Whatever pictures appear, omit them, and repeat the data below exactly.

=====

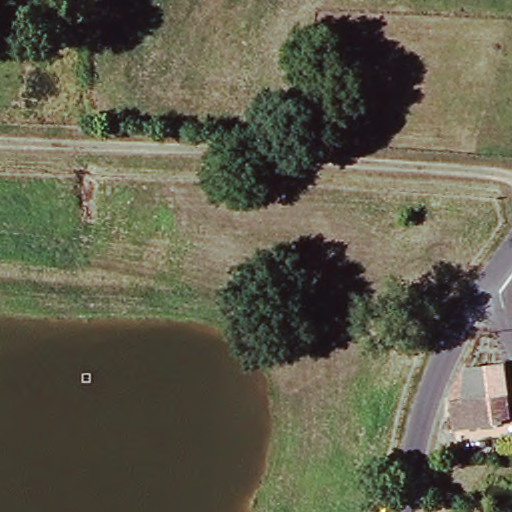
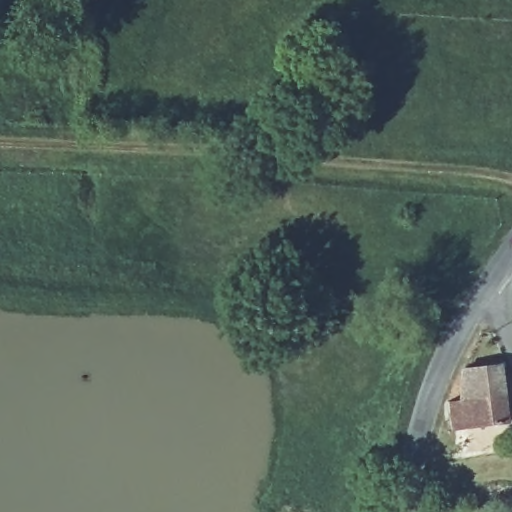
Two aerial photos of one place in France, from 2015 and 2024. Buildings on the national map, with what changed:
unchanged [(466,403),(469,368),(507,367),(511,424),(454,428),(453,405),(466,403)]

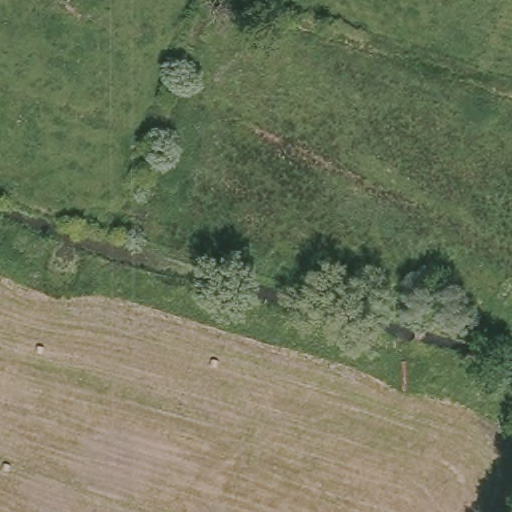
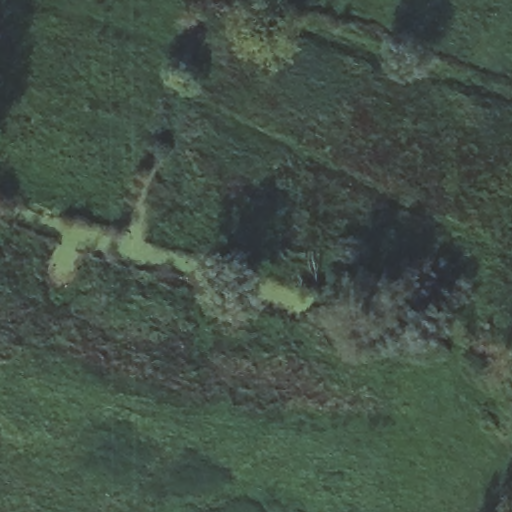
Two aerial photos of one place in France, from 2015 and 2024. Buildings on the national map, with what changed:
[]

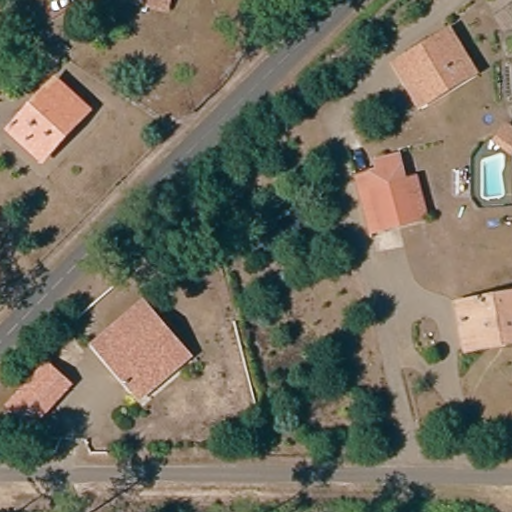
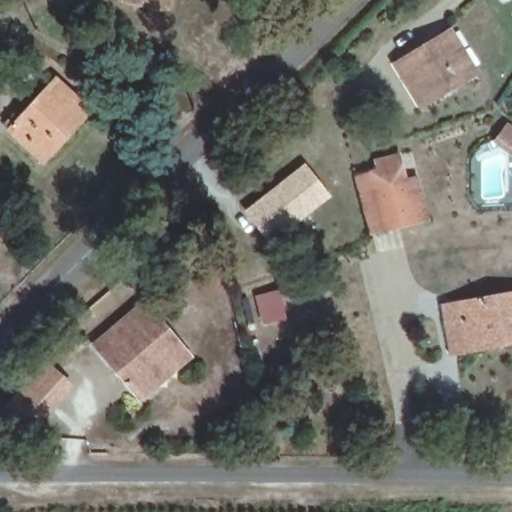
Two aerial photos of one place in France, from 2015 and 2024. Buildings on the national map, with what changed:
unchanged [(168,12),(126,1),(127,0),(171,0),(168,12)]
unchanged [(411,76),(403,64),(456,29),(479,68),(463,79),(427,103),(411,76)]
unchanged [(19,133),(13,126),(20,118),(27,112),(33,118),(66,83),(96,113),(49,162),(19,133)]
unchanged [(512,136),(512,147),(507,142),(512,136)]
unchanged [(433,223),(433,225),(419,229),(396,236),(382,179),(379,168),(403,161),(409,188),(413,187),(423,184),(428,201),(433,223)]
new [(332,196),(268,242),(242,212),(304,162),(332,196)]
unchanged [(396,236),(380,240),(374,241),(360,185),(367,183),(382,179),(396,236)]
unchanged [(512,338),(470,347),(469,337),(464,306),(512,297),(512,338)]
unchanged [(130,391),(96,348),(148,304),(170,332),(179,343),(182,347),(130,391)]
unchanged [(53,361),(74,383),(33,423),(12,400),(53,361)]

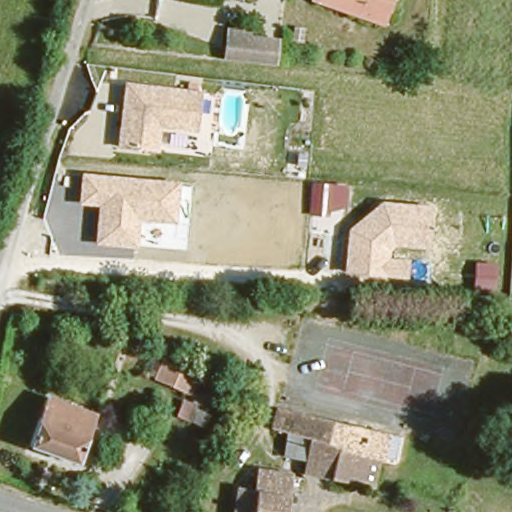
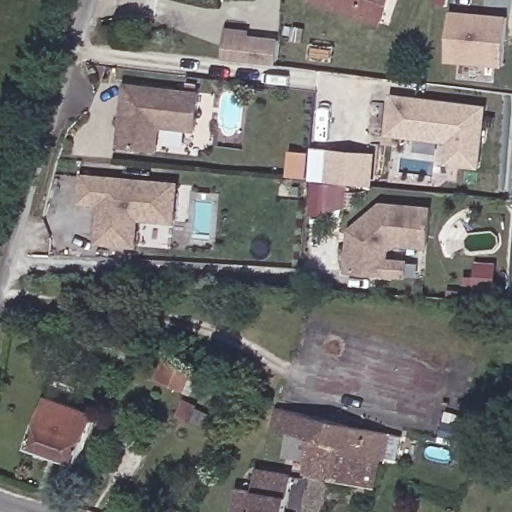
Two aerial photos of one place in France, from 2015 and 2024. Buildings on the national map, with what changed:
unchanged [(346,0),(390,0),(385,14),(346,0)]
new [(502,65),(446,61),(451,14),(507,18),(502,65)]
unchanged [(275,64),(223,57),(226,26),(247,29),(247,35),(278,39),(275,64)]
unchanged [(197,132),(160,128),(158,152),(117,148),(124,82),(201,91),(197,132)]
new [(389,101),(402,103),(402,95),(484,105),(477,164),(445,161),(447,139),(386,132),(389,101)]
new [(330,148),(370,153),(367,184),(326,180),(330,148)]
unchanged [(176,224),(139,221),(138,248),(96,245),(98,206),(78,205),(81,173),(180,182),(176,224)]
new [(325,184),(343,185),(341,207),(324,205),(323,210),(309,209),(312,183),(325,184)]
unchanged [(430,248),(396,247),(390,251),(389,259),(409,259),(407,278),(344,273),(348,228),(383,201),(432,205),(430,248)]
unchanged [(53,391),(99,407),(82,458),(61,451),(50,447),(36,442),(53,391)]
unchanged [(267,427),(273,403),(324,415),(320,440),(346,445),(340,476),(314,470),(299,466),(305,436),(267,427)]
unchanged [(346,445),(320,440),(324,415),(399,433),(395,441),(393,457),(378,453),(372,483),(357,480),(340,476),(346,445)]
unchanged [(238,486),(253,488),(255,478),(260,457),(291,464),(284,491),(281,502),(279,512),(232,512),(238,486)]

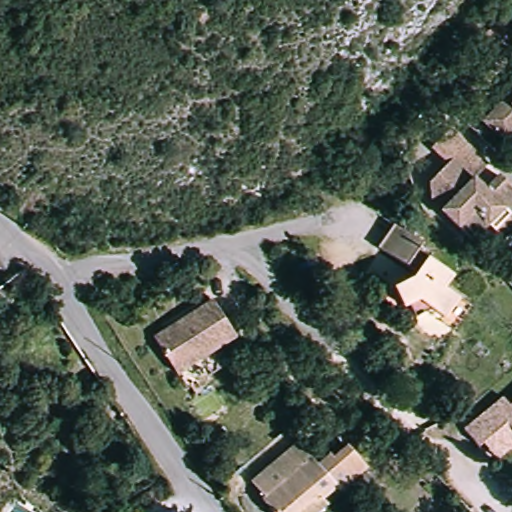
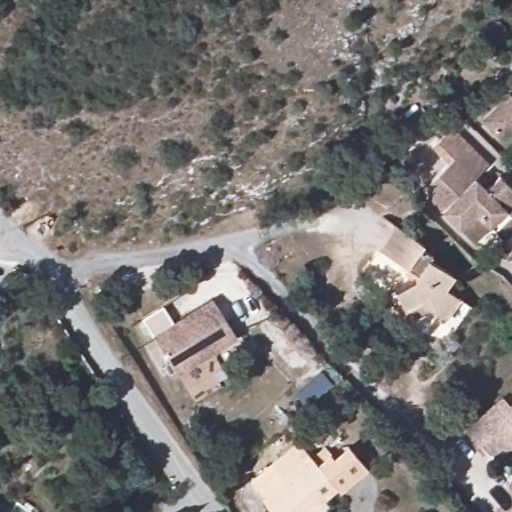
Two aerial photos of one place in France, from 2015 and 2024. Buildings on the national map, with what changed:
unchanged [(502,29),(505,32),(507,36),(495,45),(492,42),(490,39),(502,29)]
unchanged [(483,120),(509,93),(512,97),(512,130),(502,139),(483,120)]
unchanged [(488,220),(472,236),(431,195),(430,176),(447,158),(432,141),(450,123),(485,157),(471,171),(485,185),(500,171),(512,183),(512,224),(502,234),(494,226),(488,220)]
unchanged [(455,322),(443,313),(432,305),(415,313),(409,301),(403,304),(393,283),(413,273),(415,268),(379,243),(395,220),(422,239),(420,242),(430,250),(429,254),(452,269),(442,282),(458,292),(470,300),(455,322)]
unchanged [(171,363),(148,327),(208,290),(231,326),(207,341),(217,356),(181,379),(171,363)]
unchanged [(478,446),(464,429),(502,397),(510,406),(512,404),(512,444),(495,458),(482,443),(478,446)]
unchanged [(312,512),(276,512),(261,494),(263,492),(251,476),(298,437),(318,460),(330,449),(334,454),(349,442),(365,461),(338,485),(335,481),(322,492),(328,499),(312,512)]

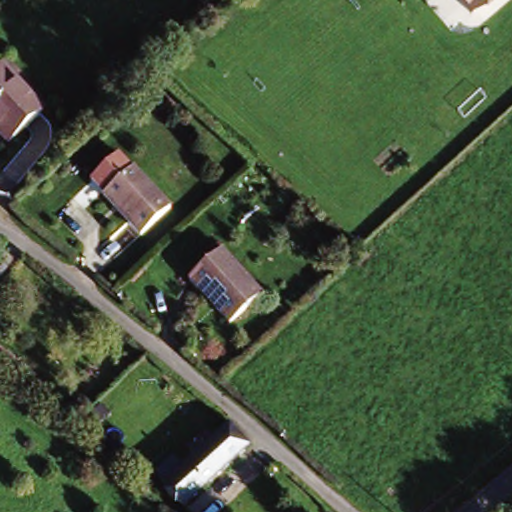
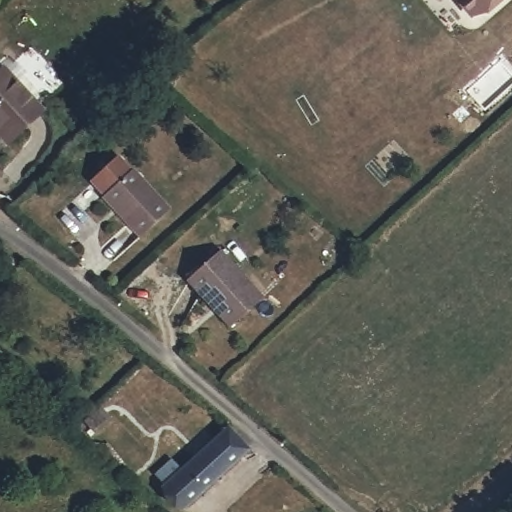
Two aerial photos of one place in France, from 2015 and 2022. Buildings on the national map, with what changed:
unchanged [(474,20),(456,0),(496,0),(474,20)]
unchanged [(3,69),(38,114),(3,143),(0,139),(0,71),(3,69)]
unchanged [(141,234),(103,191),(132,165),(170,207),(141,234)]
unchanged [(191,279),(223,250),(262,294),(230,323),(191,279)]
unchanged [(3,377),(25,394),(16,406),(0,392),(0,381),(3,377)]
unchanged [(225,427),(247,446),(186,506),(166,485),(177,475),(169,466),(186,447),(196,456),(225,427)]

=====

- **ANSWER TO THIS PROBLEM**
Two aerial photos of one place in France, from 2015 and 2024. Buildings on the national map, with what changed:
unchanged [(466,403),(469,368),(507,367),(511,424),(454,428),(453,405),(466,403)]

Two aerial photos of one place in France, from 2015 and 2024. Buildings on the national map, with what changed:
[]

Two aerial photos of one place in France, from 2015 and 2024. Buildings on the national map, with what changed:
unchanged [(168,12),(126,1),(127,0),(171,0),(168,12)]
unchanged [(411,76),(403,64),(456,29),(479,68),(463,79),(427,103),(411,76)]
unchanged [(19,133),(13,126),(20,118),(27,112),(33,118),(66,83),(96,113),(49,162),(19,133)]
unchanged [(512,136),(512,147),(507,142),(512,136)]
unchanged [(433,223),(433,225),(419,229),(396,236),(382,179),(379,168),(403,161),(409,188),(413,187),(423,184),(428,201),(433,223)]
new [(332,196),(268,242),(242,212),(304,162),(332,196)]
unchanged [(396,236),(380,240),(374,241),(360,185),(367,183),(382,179),(396,236)]
unchanged [(512,338),(470,347),(469,337),(464,306),(512,297),(512,338)]
unchanged [(130,391),(96,348),(148,304),(170,332),(179,343),(182,347),(130,391)]
unchanged [(53,361),(74,383),(33,423),(12,400),(53,361)]

Two aerial photos of one place in France, from 2015 and 2024. Buildings on the national map, with what changed:
unchanged [(346,0),(390,0),(385,14),(346,0)]
new [(502,65),(446,61),(451,14),(507,18),(502,65)]
unchanged [(275,64),(223,57),(226,26),(247,29),(247,35),(278,39),(275,64)]
unchanged [(197,132),(160,128),(158,152),(117,148),(124,82),(201,91),(197,132)]
new [(389,101),(402,103),(402,95),(484,105),(477,164),(445,161),(447,139),(386,132),(389,101)]
new [(330,148),(370,153),(367,184),(326,180),(330,148)]
unchanged [(176,224),(139,221),(138,248),(96,245),(98,206),(78,205),(81,173),(180,182),(176,224)]
new [(325,184),(343,185),(341,207),(324,205),(323,210),(309,209),(312,183),(325,184)]
unchanged [(430,248),(396,247),(390,251),(389,259),(409,259),(407,278),(344,273),(348,228),(383,201),(432,205),(430,248)]
unchanged [(53,391),(99,407),(82,458),(61,451),(50,447),(36,442),(53,391)]
unchanged [(267,427),(273,403),(324,415),(320,440),(346,445),(340,476),(314,470),(299,466),(305,436),(267,427)]
unchanged [(346,445),(320,440),(324,415),(399,433),(395,441),(393,457),(378,453),(372,483),(357,480),(340,476),(346,445)]
unchanged [(238,486),(253,488),(255,478),(260,457),(291,464),(284,491),(281,502),(279,512),(232,512),(238,486)]

Two aerial photos of one place in France, from 2015 and 2024. Buildings on the national map, with what changed:
unchanged [(502,29),(505,32),(507,36),(495,45),(492,42),(490,39),(502,29)]
unchanged [(483,120),(509,93),(512,97),(512,130),(502,139),(483,120)]
unchanged [(488,220),(472,236),(431,195),(430,176),(447,158),(432,141),(450,123),(485,157),(471,171),(485,185),(500,171),(512,183),(512,224),(502,234),(494,226),(488,220)]
unchanged [(455,322),(443,313),(432,305),(415,313),(409,301),(403,304),(393,283),(413,273),(415,268),(379,243),(395,220),(422,239),(420,242),(430,250),(429,254),(452,269),(442,282),(458,292),(470,300),(455,322)]
unchanged [(171,363),(148,327),(208,290),(231,326),(207,341),(217,356),(181,379),(171,363)]
unchanged [(478,446),(464,429),(502,397),(510,406),(512,404),(512,444),(495,458),(482,443),(478,446)]
unchanged [(312,512),(276,512),(261,494),(263,492),(251,476),(298,437),(318,460),(330,449),(334,454),(349,442),(365,461),(338,485),(335,481),(322,492),(328,499),(312,512)]

Two aerial photos of one place in France, from 2015 and 2022. Buildings on the national map, with what changed:
unchanged [(474,20),(456,0),(496,0),(474,20)]
unchanged [(3,69),(38,114),(3,143),(0,139),(0,71),(3,69)]
unchanged [(141,234),(103,191),(132,165),(170,207),(141,234)]
unchanged [(191,279),(223,250),(262,294),(230,323),(191,279)]
unchanged [(3,377),(25,394),(16,406),(0,392),(0,381),(3,377)]
unchanged [(225,427),(247,446),(186,506),(166,485),(177,475),(169,466),(186,447),(196,456),(225,427)]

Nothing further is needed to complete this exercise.